Top of Data for review

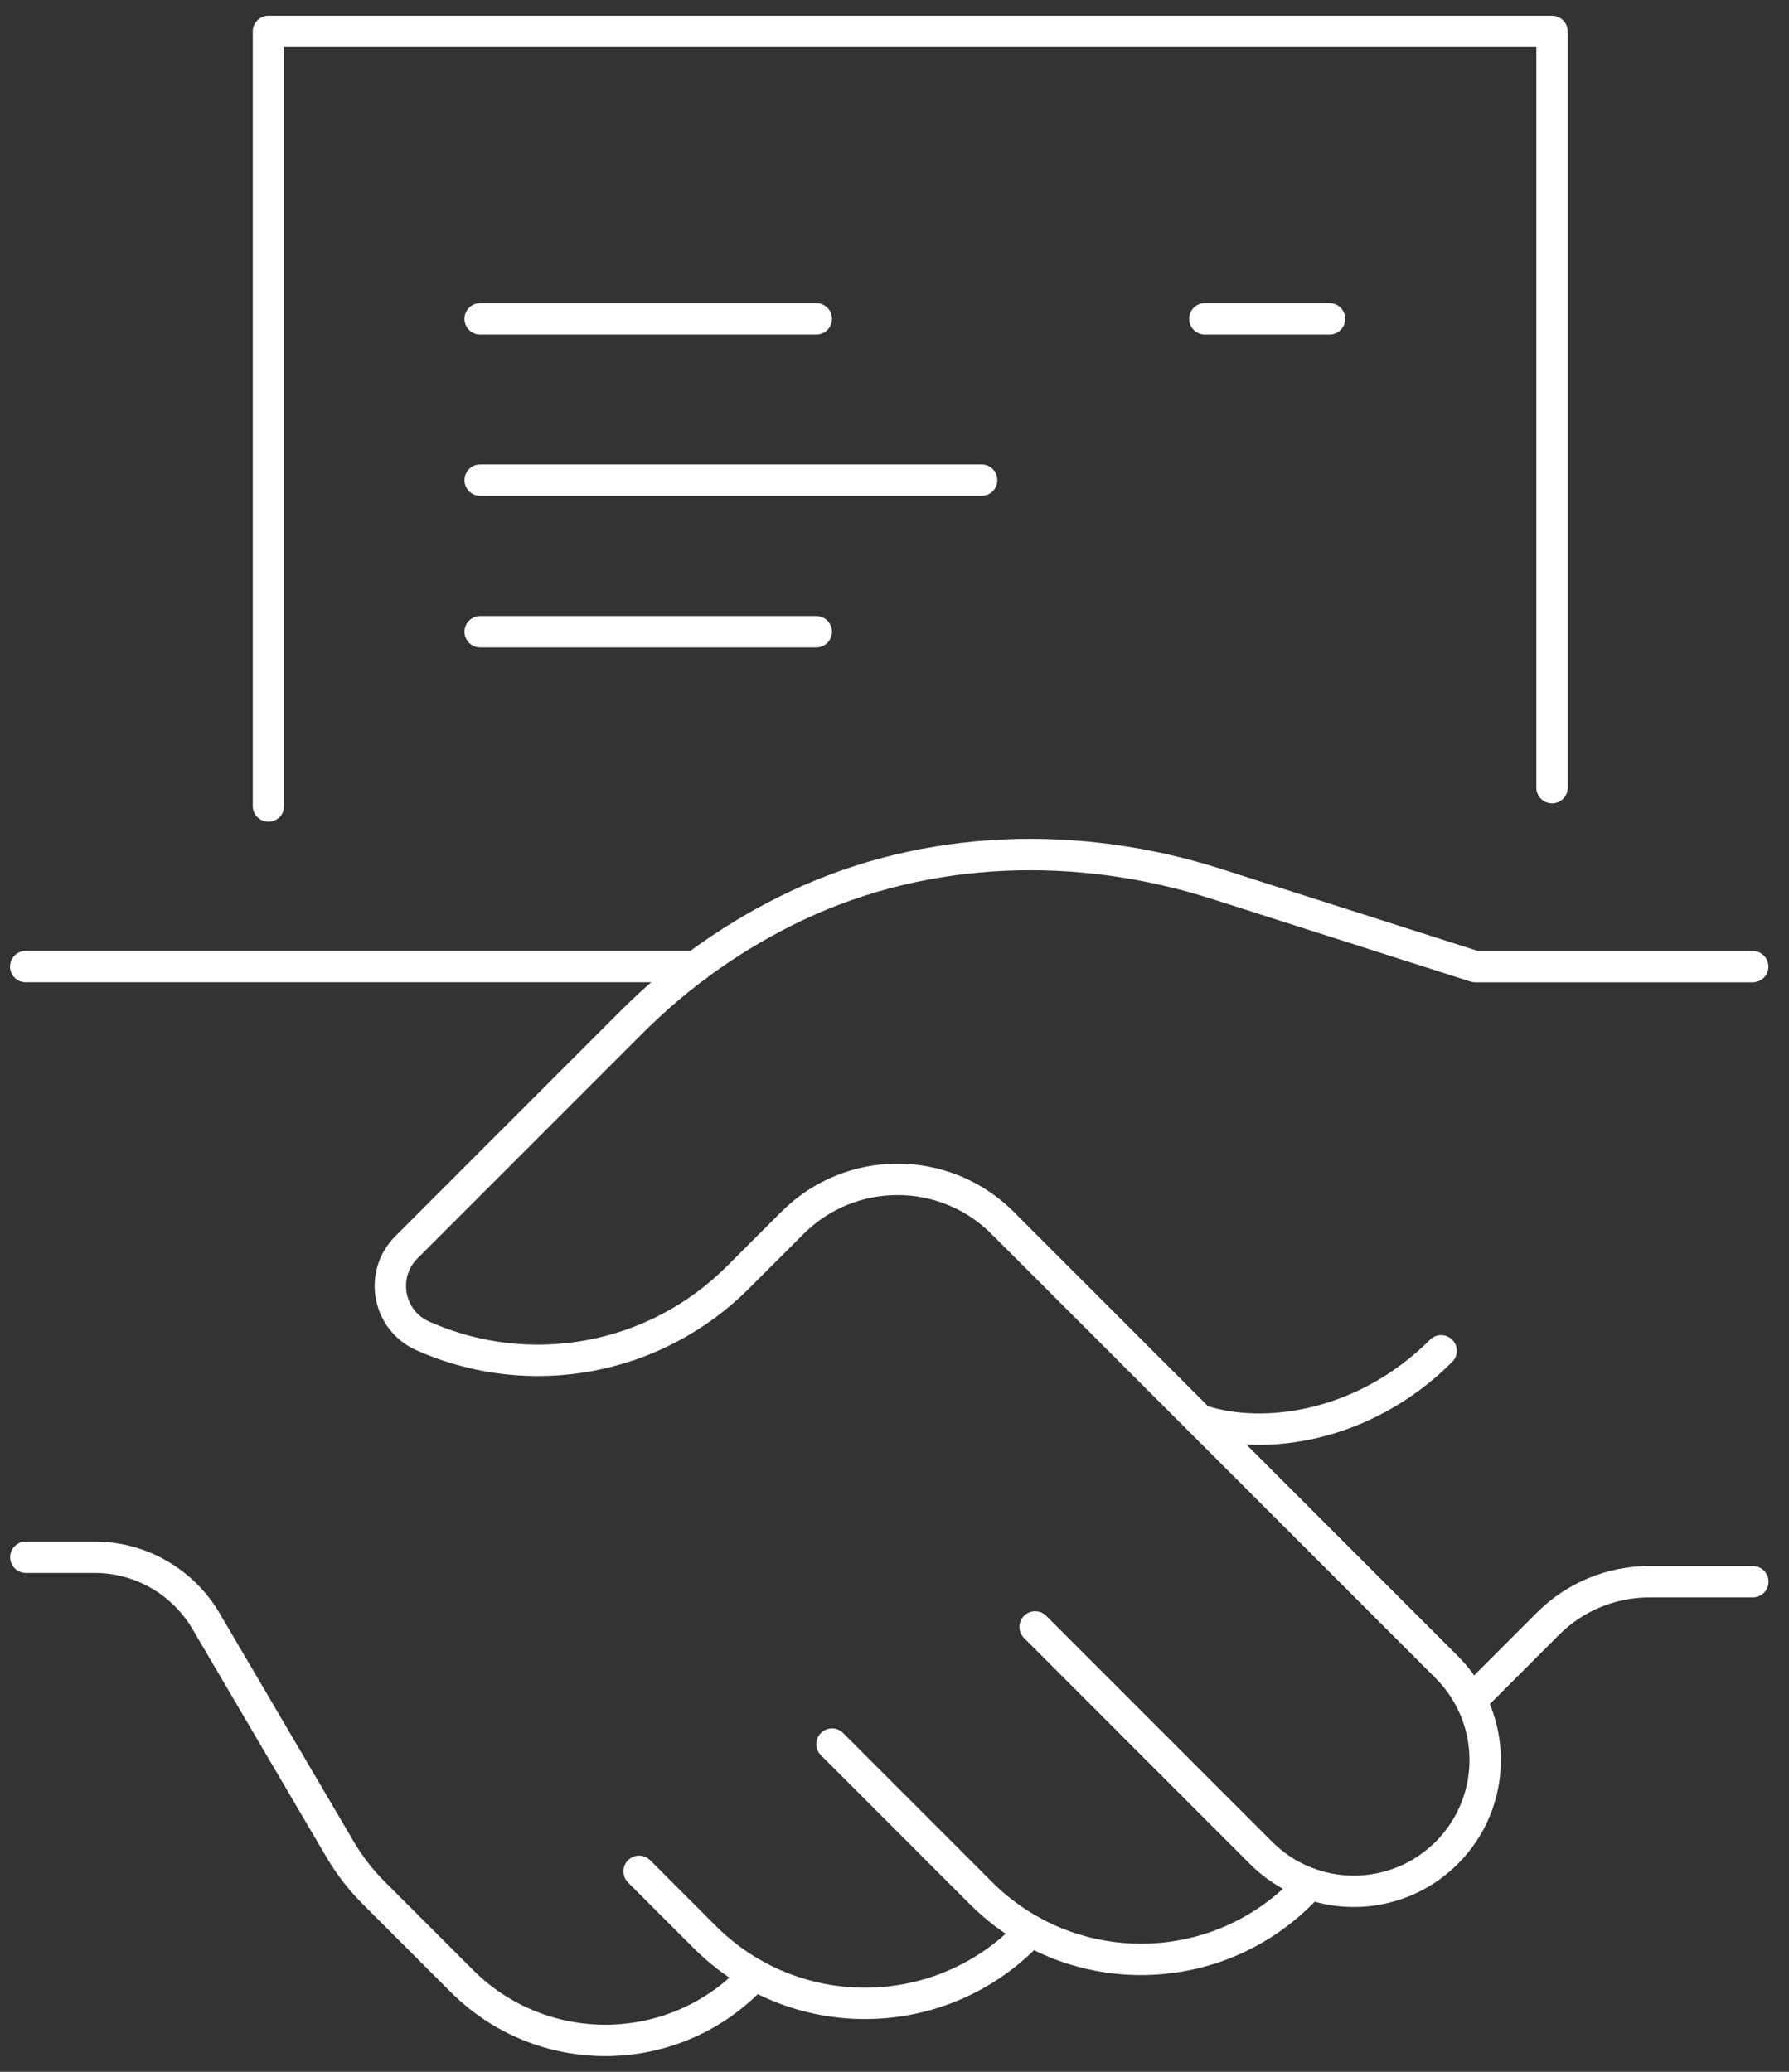 <svg width="57" height="66" viewBox="0 0 57 66" fill="none" xmlns="http://www.w3.org/2000/svg">
<rect x="0" y="0" width="57" height="66" fill="#333333" stroke="none"/>
<path d="M41.748 60.015L41.457 60.306C38.639 63.123 34.072 63.123 31.254 60.306L26.509 55.561" stroke="white" stroke-linecap="round" stroke-linejoin="round"/>
<path d="M32.852 61.513L32.658 61.707C29.84 64.524 25.273 64.524 22.455 61.707L20.363 59.614" stroke="white" stroke-linecap="round" stroke-linejoin="round"/>
<path d="M24.05 62.913L23.856 63.107C21.332 65.631 17.241 65.631 14.715 63.107L11.911 60.304C11.494 59.886 11.133 59.42 10.834 58.911L6.562 51.639C5.822 50.382 4.472 49.608 3.013 49.608H0.823" stroke="white" stroke-linecap="round" stroke-linejoin="round"/>
<path d="M46.87 54.176L49.321 51.725C50.177 50.869 51.341 50.387 52.553 50.387H55.847" stroke="white" stroke-linecap="round" stroke-linejoin="round"/>
<path d="M45.916 43.032C43.474 45.474 40.255 45.924 38.222 45.235" stroke="white" stroke-linecap="round" stroke-linejoin="round"/>
<path d="M31.96 38.973L46.094 53.107C47.729 54.742 47.729 57.392 46.094 59.024C44.459 60.659 41.809 60.659 40.177 59.024L32.981 51.828" stroke="white" stroke-linecap="round" stroke-linejoin="round"/>
<path d="M31.96 38.973C30.115 37.109 27.104 37.101 25.248 38.957L23.508 40.696C20.869 43.336 16.878 44.074 13.47 42.557C12.355 42.059 12.083 40.599 12.948 39.735L20.139 32.544C21.682 31.001 23.463 29.759 25.388 28.849C29.56 26.883 34.368 26.756 38.761 28.159L47.007 30.793H55.844" stroke="white" stroke-linecap="round" stroke-linejoin="round"/>
<path d="M0.82 30.791H22.172" stroke="white" stroke-linecap="round" stroke-linejoin="round"/>
<path d="M8.553 25.676V1H49.45V25.091" stroke="white" stroke-linecap="round" stroke-linejoin="round"/>
<path d="M15.299 10.157H26.008" stroke="white" stroke-linecap="round" stroke-linejoin="round"/>
<path d="M42.361 10.157H38.389" stroke="white" stroke-linecap="round" stroke-linejoin="round"/>
<path d="M15.299 15.296H31.276" stroke="white" stroke-linecap="round" stroke-linejoin="round"/>
<path d="M15.299 20.125H26.008" stroke="white" stroke-linecap="round" stroke-linejoin="round"/>
</svg>

Bottom of Data for review

## Exercise brief
Return the material word for word, images omitted.

## Task output
 <svg width="57" height="66" viewBox="0 0 57 66" fill="none" xmlns="http://www.w3.org/2000/svg">
<rect x="0" y="0" width="57" height="66" fill="#333333" stroke="none"/>
<path d="M41.748 60.015L41.457 60.306C38.639 63.123 34.072 63.123 31.254 60.306L26.509 55.561" stroke="white" stroke-linecap="round" stroke-linejoin="round"/>
<path d="M32.852 61.513L32.658 61.707C29.84 64.524 25.273 64.524 22.455 61.707L20.363 59.614" stroke="white" stroke-linecap="round" stroke-linejoin="round"/>
<path d="M24.05 62.913L23.856 63.107C21.332 65.631 17.241 65.631 14.715 63.107L11.911 60.304C11.494 59.886 11.133 59.42 10.834 58.911L6.562 51.639C5.822 50.382 4.472 49.608 3.013 49.608H0.823" stroke="white" stroke-linecap="round" stroke-linejoin="round"/>
<path d="M46.87 54.176L49.321 51.725C50.177 50.869 51.341 50.387 52.553 50.387H55.847" stroke="white" stroke-linecap="round" stroke-linejoin="round"/>
<path d="M45.916 43.032C43.474 45.474 40.255 45.924 38.222 45.235" stroke="white" stroke-linecap="round" stroke-linejoin="round"/>
<path d="M31.96 38.973L46.094 53.107C47.729 54.742 47.729 57.392 46.094 59.024C44.459 60.659 41.809 60.659 40.177 59.024L32.981 51.828" stroke="white" stroke-linecap="round" stroke-linejoin="round"/>
<path d="M31.96 38.973C30.115 37.109 27.104 37.101 25.248 38.957L23.508 40.696C20.869 43.336 16.878 44.074 13.47 42.557C12.355 42.059 12.083 40.599 12.948 39.735L20.139 32.544C21.682 31.001 23.463 29.759 25.388 28.849C29.56 26.883 34.368 26.756 38.761 28.159L47.007 30.793H55.844" stroke="white" stroke-linecap="round" stroke-linejoin="round"/>
<path d="M0.82 30.791H22.172" stroke="white" stroke-linecap="round" stroke-linejoin="round"/>
<path d="M8.553 25.676V1H49.45V25.091" stroke="white" stroke-linecap="round" stroke-linejoin="round"/>
<path d="M15.299 10.157H26.008" stroke="white" stroke-linecap="round" stroke-linejoin="round"/>
<path d="M42.361 10.157H38.389" stroke="white" stroke-linecap="round" stroke-linejoin="round"/>
<path d="M15.299 15.296H31.276" stroke="white" stroke-linecap="round" stroke-linejoin="round"/>
<path d="M15.299 20.125H26.008" stroke="white" stroke-linecap="round" stroke-linejoin="round"/>
</svg>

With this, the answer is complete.